##### Data to examine
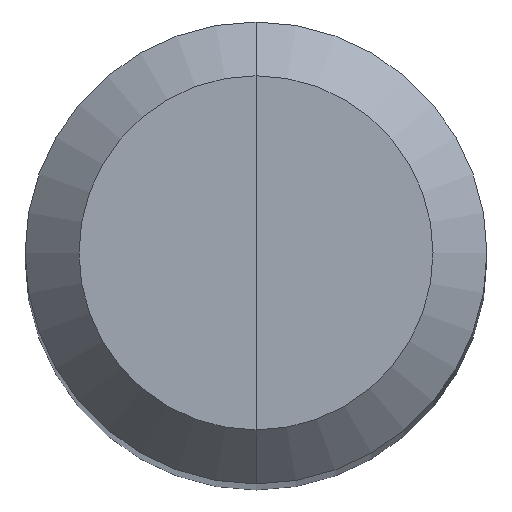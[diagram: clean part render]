
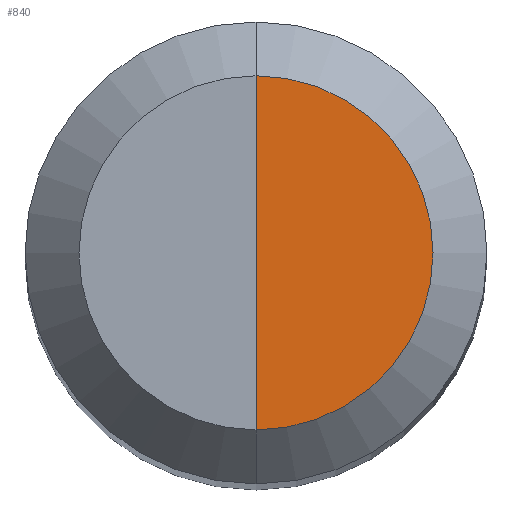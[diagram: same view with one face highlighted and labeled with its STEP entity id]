
A CAD part, top view. The second image highlights one B-rep face of the part: STEP entity #840.
In plain terms, the highlighted planar face has unit normal (0, 0, 1).
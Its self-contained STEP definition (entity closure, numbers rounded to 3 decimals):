
#726 = CONICAL_SURFACE('',#727,3.,0.785);
#727 = AXIS2_PLACEMENT_3D('',#728,#729,#730);
#728 = CARTESIAN_POINT('',(0.,0.,-0.7));
#729 = DIRECTION('',(-0.,-0.,-1.));
#730 = DIRECTION('',(0.,-1.,0.));
#764 = VERTEX_POINT('',#765);
#765 = CARTESIAN_POINT('',(0.,2.3,0.));
#791 = EDGE_CURVE('',#792,#764,#794,.T.);
#792 = VERTEX_POINT('',#793);
#793 = CARTESIAN_POINT('',(0.,-2.3,0.));
#794 = SURFACE_CURVE('',#795,(#800,#807),.PCURVE_S1.);
#795 = CIRCLE('',#796,2.3);
#796 = AXIS2_PLACEMENT_3D('',#797,#798,#799);
#797 = CARTESIAN_POINT('',(0.,0.,0.));
#798 = DIRECTION('',(0.,0.,1.));
#799 = DIRECTION('',(0.,-1.,0.));
#800 = PCURVE('',#726,#801);
#801 = DEFINITIONAL_REPRESENTATION('',(#802),#806);
#802 = LINE('',#803,#804);
#803 = CARTESIAN_POINT('',(-0.,-0.7));
#804 = VECTOR('',#805,1.);
#805 = DIRECTION('',(-1.,-0.));
#806 = ( GEOMETRIC_REPRESENTATION_CONTEXT(2) 
PARAMETRIC_REPRESENTATION_CONTEXT() REPRESENTATION_CONTEXT('2D SPACE',''
  ) );
#807 = PCURVE('',#808,#813);
#808 = PLANE('',#809);
#809 = AXIS2_PLACEMENT_3D('',#810,#811,#812);
#810 = CARTESIAN_POINT('',(0.,0.,0.));
#811 = DIRECTION('',(0.,0.,1.));
#812 = DIRECTION('',(0.,-1.,0.));
#813 = DEFINITIONAL_REPRESENTATION('',(#814),#818);
#814 = CIRCLE('',#815,2.3);
#815 = AXIS2_PLACEMENT_2D('',#816,#817);
#816 = CARTESIAN_POINT('',(0.,0.));
#817 = DIRECTION('',(1.,0.));
#818 = ( GEOMETRIC_REPRESENTATION_CONTEXT(2) 
PARAMETRIC_REPRESENTATION_CONTEXT() REPRESENTATION_CONTEXT('2D SPACE',''
  ) );
#840 = ADVANCED_FACE('',(#841),#808,.T.);
#841 = FACE_BOUND('',#842,.T.);
#842 = EDGE_LOOP('',(#843,#844,#872));
#843 = ORIENTED_EDGE('',*,*,#791,.T.);
#844 = ORIENTED_EDGE('',*,*,#845,.T.);
#845 = EDGE_CURVE('',#764,#846,#848,.T.);
#846 = VERTEX_POINT('',#847);
#847 = CARTESIAN_POINT('',(0.,0.,0.));
#848 = SURFACE_CURVE('',#849,(#853,#860),.PCURVE_S1.);
#849 = LINE('',#850,#851);
#850 = CARTESIAN_POINT('',(0.,2.3,0.));
#851 = VECTOR('',#852,1.);
#852 = DIRECTION('',(0.,-1.,0.));
#853 = PCURVE('',#808,#854);
#854 = DEFINITIONAL_REPRESENTATION('',(#855),#859);
#855 = LINE('',#856,#857);
#856 = CARTESIAN_POINT('',(-2.3,0.));
#857 = VECTOR('',#858,1.);
#858 = DIRECTION('',(1.,0.));
#859 = ( GEOMETRIC_REPRESENTATION_CONTEXT(2) 
PARAMETRIC_REPRESENTATION_CONTEXT() REPRESENTATION_CONTEXT('2D SPACE',''
  ) );
#860 = PCURVE('',#861,#866);
#861 = PLANE('',#862);
#862 = AXIS2_PLACEMENT_3D('',#863,#864,#865);
#863 = CARTESIAN_POINT('',(0.,0.,0.));
#864 = DIRECTION('',(-0.,-0.,-1.));
#865 = DIRECTION('',(0.,-1.,0.));
#866 = DEFINITIONAL_REPRESENTATION('',(#867),#871);
#867 = LINE('',#868,#869);
#868 = CARTESIAN_POINT('',(-2.3,0.));
#869 = VECTOR('',#870,1.);
#870 = DIRECTION('',(1.,0.));
#871 = ( GEOMETRIC_REPRESENTATION_CONTEXT(2) 
PARAMETRIC_REPRESENTATION_CONTEXT() REPRESENTATION_CONTEXT('2D SPACE',''
  ) );
#872 = ORIENTED_EDGE('',*,*,#873,.F.);
#873 = EDGE_CURVE('',#792,#846,#874,.T.);
#874 = SURFACE_CURVE('',#875,(#879,#886),.PCURVE_S1.);
#875 = LINE('',#876,#877);
#876 = CARTESIAN_POINT('',(0.,-2.3,0.));
#877 = VECTOR('',#878,1.);
#878 = DIRECTION('',(0.,1.,0.));
#879 = PCURVE('',#808,#880);
#880 = DEFINITIONAL_REPRESENTATION('',(#881),#885);
#881 = LINE('',#882,#883);
#882 = CARTESIAN_POINT('',(2.3,0.));
#883 = VECTOR('',#884,1.);
#884 = DIRECTION('',(-1.,0.));
#885 = ( GEOMETRIC_REPRESENTATION_CONTEXT(2) 
PARAMETRIC_REPRESENTATION_CONTEXT() REPRESENTATION_CONTEXT('2D SPACE',''
  ) );
#886 = PCURVE('',#861,#887);
#887 = DEFINITIONAL_REPRESENTATION('',(#888),#892);
#888 = LINE('',#889,#890);
#889 = CARTESIAN_POINT('',(2.3,0.));
#890 = VECTOR('',#891,1.);
#891 = DIRECTION('',(-1.,0.));
#892 = ( GEOMETRIC_REPRESENTATION_CONTEXT(2) 
PARAMETRIC_REPRESENTATION_CONTEXT() REPRESENTATION_CONTEXT('2D SPACE',''
  ) );
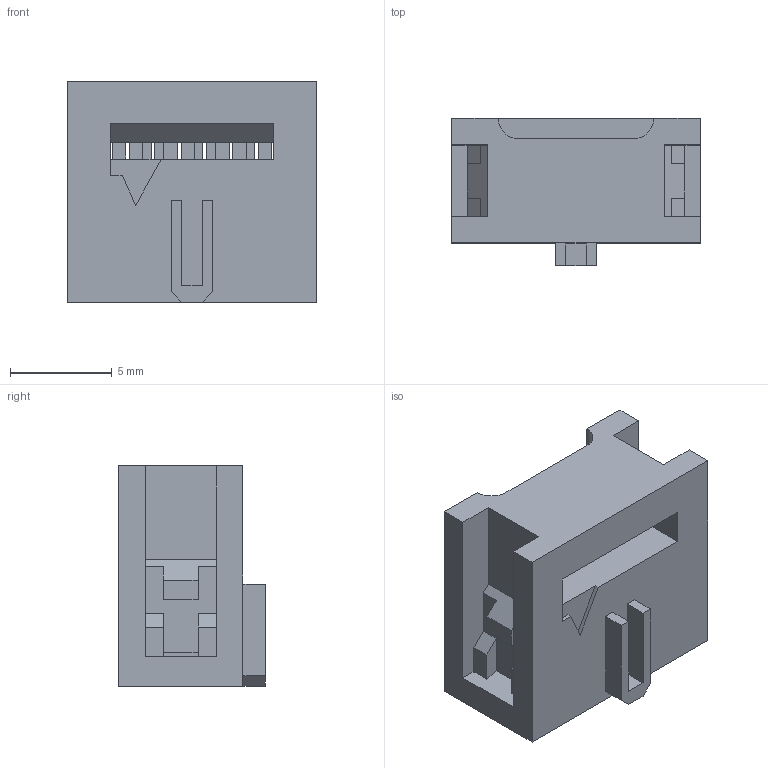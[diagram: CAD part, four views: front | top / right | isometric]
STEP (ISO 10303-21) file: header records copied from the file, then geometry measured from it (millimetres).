
FILE_DESCRIPTION(/* description */ (''),/* implementation_level */ '2;1');
FILE_NAME(/* name */ '100551479ugm000_b.stp',/* time_stamp */ '2016-11-24T14:07:18+01:00',/* author */ (''),/* organization */ (''),/* preprocessor_version */ 'ST-DEVELOPER v16',/* originating_system */ 'SIEMENS PLM Software NX 10.0',/* authorisation */ '');
FILE_SCHEMA (('AUTOMOTIVE_DESIGN { 1 0 10303 214 3 1 1 1 }'));
Length unit declared in the file: millimetre
Products named in the file (1): 100551479ugm000_b
Bounding box: 12.2 x 7.2 x 10.8 mm (x, y, z)
Volume: 638.5 mm3; surface area: 742.9 mm2
Topology: 1 solids, 1 shells, 149 faces, 440 edges, 298 vertices
Faces by surface type: plane 147, cylinder 2
Entity records: 5323 total; most frequent: CARTESIAN_POINT 915, ORIENTED_EDGE 880, DIRECTION 738, EDGE_CURVE 440, LINE 424, VECTOR 424, VERTEX_POINT 298, EDGE_LOOP 180
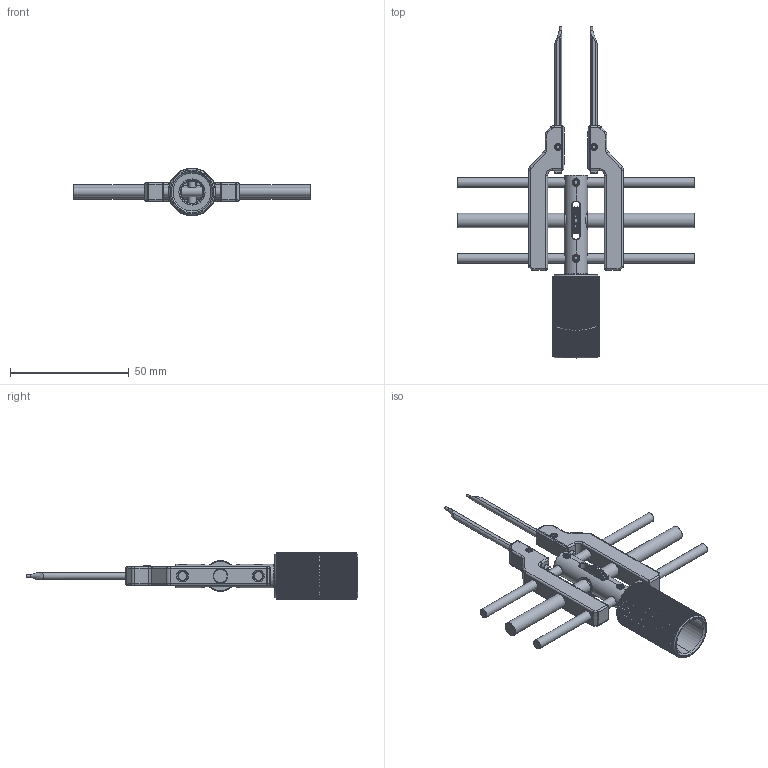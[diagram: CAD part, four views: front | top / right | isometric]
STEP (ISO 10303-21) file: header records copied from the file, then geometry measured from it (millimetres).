
FILE_DESCRIPTION (( 'STEP AP203' ), '1' );
FILE_NAME ('530088.STEP', '2025-05-07T06:59:21', ( 'Windows User' ), ( 'P R C' ), 'SwSTEP 2.0', 'SolidWorks 2020', '' );
FILE_SCHEMA (( 'CONFIG_CONTROL_DESIGN' ));
Length unit declared in the file: millimetre
Products named in the file (1): 530088
Bounding box: 100 x 140 x 20 mm (x, y, z)
Surface area: 15651.2 mm2 (no closed solid volume)
Topology: 0 solids, 259 shells, 830 faces, 3455 edges, 2863 vertices
Faces by surface type: plane 472, cylinder 251, cone 59, bspline 48
Full cylindrical faces by diameter (mm): 1 x2, 2.05 x1, 3 x6, 4 x2, 4.8 x2, 6 x2
Entity records: 44275 total; most frequent: CARTESIAN_POINT 18745, ORIENTED_EDGE 4754, DIRECTION 4500, EDGE_CURVE 3374, VERTEX_POINT 2842, AXIS2_PLACEMENT_3D 1577, VECTOR 1346, LINE 1346
##########
• **Assignment**
How many lines in the records above contain the word "shells"? Answer with the number alone.

• **Answer**
2